Розочка, розочка, розовая розочка,
Выиграл я в тире розу для тебя…
— несся квакающий звук из динамика, подвешенного у вывески тира.
— А мне — красную, — ластилась Катарина. И тут же получила ее.
— И желтую в придачу, — добавил Лукингер, напуская на себя суровость, — сама знаешь почему: совсем ведь ты не моя, сколько б там ни болтала.
— Чего это ты! — притворилась Кати, чтобы не выдать, как ей приятно это слышать. — Уж не приревновал ли?
Они подошли к другой винной палатке, и Катарина, уже немного опьянев, доверительно прижалась к своему кавалеру. Она выпила еще рюмку яичного ликера, а он заказал себе «клопиного», как он называл коньяк. И снова девушки за прилавком съязвили, когда парочка удалилась.
— Где это он такую дуру подобрал, этот Лукингер? Видала, как она ликер сперва языком попробовала? Есть его с чем поздравить.
В палатке предсказательницы было сумеречно и таинственно. Да и сама гадалка долго шептала что-то невразумительное, прежде чем сказать:
— Что-то все король да король, а ведь это к деньгам. Ну и везет же барышне, — бормотала она, поглядывая на карты через пенсне, будто заклиная их. — Червонный валет не отстает от короля, а эти вместе редко выпадают, значит, и к деньгам и к любви. Клянусь, эти двое не любят ложиться рядышком.
— А я вот не верю, — отмахивалась от нее Катарина,
— Карта — она никогда не обманет, — шептал ей Лукингер, и девушка мечтательно склонила голову к нему на плечо.
В «Комнате страхов» Кати завизжала и вцепилась в своего спутника, когда они в тележке проносились под ногами повешенных. Он нашел губами ее губы, а она, не противясь, неловко отвечала на его ласки.
«Вот уж деревенщина! — весело подумал Лукингер. — И чему ее этот парень учит, хотел бы я знать».
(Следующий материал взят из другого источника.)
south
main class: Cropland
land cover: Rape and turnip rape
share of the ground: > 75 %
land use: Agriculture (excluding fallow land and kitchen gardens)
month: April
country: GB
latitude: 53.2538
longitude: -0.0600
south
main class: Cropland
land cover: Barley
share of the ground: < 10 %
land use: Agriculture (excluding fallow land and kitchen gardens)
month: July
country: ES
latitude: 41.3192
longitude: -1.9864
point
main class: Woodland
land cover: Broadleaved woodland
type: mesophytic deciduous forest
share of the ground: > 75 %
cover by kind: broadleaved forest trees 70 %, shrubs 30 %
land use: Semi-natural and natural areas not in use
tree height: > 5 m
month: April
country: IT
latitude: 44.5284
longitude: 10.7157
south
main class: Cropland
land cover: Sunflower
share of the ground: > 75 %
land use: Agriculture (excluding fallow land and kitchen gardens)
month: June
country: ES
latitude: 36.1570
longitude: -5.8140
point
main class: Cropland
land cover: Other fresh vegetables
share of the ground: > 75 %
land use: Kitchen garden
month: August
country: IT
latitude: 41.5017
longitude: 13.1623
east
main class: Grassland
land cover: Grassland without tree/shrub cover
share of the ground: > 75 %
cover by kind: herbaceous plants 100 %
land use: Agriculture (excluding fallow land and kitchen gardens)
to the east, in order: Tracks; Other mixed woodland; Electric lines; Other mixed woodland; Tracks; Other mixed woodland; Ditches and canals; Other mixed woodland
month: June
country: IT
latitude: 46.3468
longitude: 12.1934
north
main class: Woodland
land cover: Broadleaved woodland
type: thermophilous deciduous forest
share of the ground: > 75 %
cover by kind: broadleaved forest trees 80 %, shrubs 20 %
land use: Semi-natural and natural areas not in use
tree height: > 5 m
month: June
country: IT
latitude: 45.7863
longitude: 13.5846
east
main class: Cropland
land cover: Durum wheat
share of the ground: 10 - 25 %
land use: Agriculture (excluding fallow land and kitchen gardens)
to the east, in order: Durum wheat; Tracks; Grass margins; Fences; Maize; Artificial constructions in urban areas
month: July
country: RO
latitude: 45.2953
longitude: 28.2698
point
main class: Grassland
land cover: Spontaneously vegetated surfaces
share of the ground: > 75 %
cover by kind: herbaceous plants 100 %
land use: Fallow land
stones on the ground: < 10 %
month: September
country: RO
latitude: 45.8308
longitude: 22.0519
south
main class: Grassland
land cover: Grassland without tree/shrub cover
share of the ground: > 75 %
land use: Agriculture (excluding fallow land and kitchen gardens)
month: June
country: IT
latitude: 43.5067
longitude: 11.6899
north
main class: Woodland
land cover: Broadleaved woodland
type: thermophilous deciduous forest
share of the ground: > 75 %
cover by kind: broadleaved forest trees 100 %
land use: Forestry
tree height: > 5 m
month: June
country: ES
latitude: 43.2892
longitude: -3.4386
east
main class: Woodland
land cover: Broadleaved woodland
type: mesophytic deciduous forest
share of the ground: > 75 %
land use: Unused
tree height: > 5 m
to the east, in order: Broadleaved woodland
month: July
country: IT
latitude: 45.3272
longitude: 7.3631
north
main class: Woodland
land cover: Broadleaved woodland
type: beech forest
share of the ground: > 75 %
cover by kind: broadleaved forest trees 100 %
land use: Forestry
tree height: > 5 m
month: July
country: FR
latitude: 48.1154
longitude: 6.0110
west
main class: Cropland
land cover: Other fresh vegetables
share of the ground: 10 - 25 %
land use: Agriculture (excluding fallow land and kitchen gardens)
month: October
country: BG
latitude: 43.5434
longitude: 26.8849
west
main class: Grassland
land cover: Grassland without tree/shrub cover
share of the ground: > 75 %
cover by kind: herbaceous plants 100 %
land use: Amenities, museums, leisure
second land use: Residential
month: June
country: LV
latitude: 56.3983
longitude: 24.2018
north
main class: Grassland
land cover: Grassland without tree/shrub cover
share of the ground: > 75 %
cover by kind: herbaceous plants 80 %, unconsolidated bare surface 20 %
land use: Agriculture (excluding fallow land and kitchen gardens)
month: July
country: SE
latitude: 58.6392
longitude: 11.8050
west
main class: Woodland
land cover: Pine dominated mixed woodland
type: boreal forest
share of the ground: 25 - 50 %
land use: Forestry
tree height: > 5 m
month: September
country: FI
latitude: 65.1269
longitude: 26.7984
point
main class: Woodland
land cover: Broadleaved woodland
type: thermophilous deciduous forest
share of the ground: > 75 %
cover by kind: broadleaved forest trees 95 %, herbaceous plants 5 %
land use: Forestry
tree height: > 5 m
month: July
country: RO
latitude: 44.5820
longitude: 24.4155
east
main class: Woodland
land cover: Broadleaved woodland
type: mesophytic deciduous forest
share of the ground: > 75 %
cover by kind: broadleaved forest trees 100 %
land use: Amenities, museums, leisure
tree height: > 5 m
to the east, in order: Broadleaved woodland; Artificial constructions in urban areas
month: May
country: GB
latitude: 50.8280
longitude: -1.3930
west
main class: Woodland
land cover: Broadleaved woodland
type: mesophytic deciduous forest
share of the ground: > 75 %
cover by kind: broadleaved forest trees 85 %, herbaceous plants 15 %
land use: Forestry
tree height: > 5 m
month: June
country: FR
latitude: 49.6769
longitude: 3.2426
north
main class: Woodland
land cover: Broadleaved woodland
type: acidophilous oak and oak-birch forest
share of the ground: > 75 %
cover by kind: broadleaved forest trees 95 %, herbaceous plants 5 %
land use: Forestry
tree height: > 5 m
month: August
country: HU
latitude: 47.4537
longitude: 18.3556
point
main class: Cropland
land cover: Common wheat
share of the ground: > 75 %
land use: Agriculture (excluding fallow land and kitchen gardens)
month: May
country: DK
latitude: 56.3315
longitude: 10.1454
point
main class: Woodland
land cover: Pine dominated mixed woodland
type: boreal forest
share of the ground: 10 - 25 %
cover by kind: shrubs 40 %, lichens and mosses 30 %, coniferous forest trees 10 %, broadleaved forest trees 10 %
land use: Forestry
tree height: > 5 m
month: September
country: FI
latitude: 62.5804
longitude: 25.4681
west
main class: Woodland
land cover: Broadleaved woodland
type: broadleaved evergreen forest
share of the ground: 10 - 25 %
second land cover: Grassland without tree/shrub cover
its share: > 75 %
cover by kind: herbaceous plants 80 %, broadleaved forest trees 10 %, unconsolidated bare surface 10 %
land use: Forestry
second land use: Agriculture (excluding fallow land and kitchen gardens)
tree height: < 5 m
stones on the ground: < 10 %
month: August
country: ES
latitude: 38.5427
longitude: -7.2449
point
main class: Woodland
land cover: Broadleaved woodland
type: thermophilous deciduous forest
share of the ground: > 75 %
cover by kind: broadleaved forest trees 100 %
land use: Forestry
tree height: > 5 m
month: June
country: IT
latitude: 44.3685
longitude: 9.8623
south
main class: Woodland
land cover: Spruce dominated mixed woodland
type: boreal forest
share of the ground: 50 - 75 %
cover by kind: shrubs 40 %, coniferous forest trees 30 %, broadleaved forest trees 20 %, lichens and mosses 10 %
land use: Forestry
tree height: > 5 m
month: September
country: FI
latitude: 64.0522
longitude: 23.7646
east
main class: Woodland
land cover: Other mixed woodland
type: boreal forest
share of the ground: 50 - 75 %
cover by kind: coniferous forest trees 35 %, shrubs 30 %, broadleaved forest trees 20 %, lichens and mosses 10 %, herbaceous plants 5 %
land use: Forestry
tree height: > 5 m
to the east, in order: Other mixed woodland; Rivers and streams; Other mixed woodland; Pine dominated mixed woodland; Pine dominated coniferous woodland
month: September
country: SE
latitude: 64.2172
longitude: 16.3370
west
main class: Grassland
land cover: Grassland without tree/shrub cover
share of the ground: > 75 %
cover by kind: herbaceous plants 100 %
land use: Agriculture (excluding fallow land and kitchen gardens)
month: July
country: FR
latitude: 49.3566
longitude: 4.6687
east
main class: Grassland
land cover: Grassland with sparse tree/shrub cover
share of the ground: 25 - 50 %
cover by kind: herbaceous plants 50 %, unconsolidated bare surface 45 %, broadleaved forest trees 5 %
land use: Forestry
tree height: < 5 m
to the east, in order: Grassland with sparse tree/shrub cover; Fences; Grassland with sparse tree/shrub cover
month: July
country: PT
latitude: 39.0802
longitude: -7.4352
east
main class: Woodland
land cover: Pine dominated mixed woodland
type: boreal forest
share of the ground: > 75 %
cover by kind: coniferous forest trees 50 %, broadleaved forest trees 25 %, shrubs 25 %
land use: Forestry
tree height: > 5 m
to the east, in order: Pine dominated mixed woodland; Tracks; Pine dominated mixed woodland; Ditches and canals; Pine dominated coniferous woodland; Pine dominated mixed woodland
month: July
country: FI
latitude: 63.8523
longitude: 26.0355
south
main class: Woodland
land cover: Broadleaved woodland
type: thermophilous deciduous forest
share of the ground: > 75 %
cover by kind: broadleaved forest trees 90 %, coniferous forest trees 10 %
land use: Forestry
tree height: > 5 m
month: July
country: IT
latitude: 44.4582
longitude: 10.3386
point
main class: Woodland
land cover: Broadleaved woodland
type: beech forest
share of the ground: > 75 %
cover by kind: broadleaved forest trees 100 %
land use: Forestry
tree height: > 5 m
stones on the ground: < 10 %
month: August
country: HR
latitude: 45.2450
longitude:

В небольшой палатке, где подавали пиво в розлив, царило безудержное веселье. Один из музыкантов хлопал своего коллегу оркестранта картонной тарелкой по голове, и при этом из динамика раздавался громоподобный грохот. Лукингер, пошептавшись с подавальщицей, кивнул в сторону оркестра. Вскоре к рампе подошел капельмейстер и поднял кверху две кружки, наполненные пенящимся пивом. Грянул туш.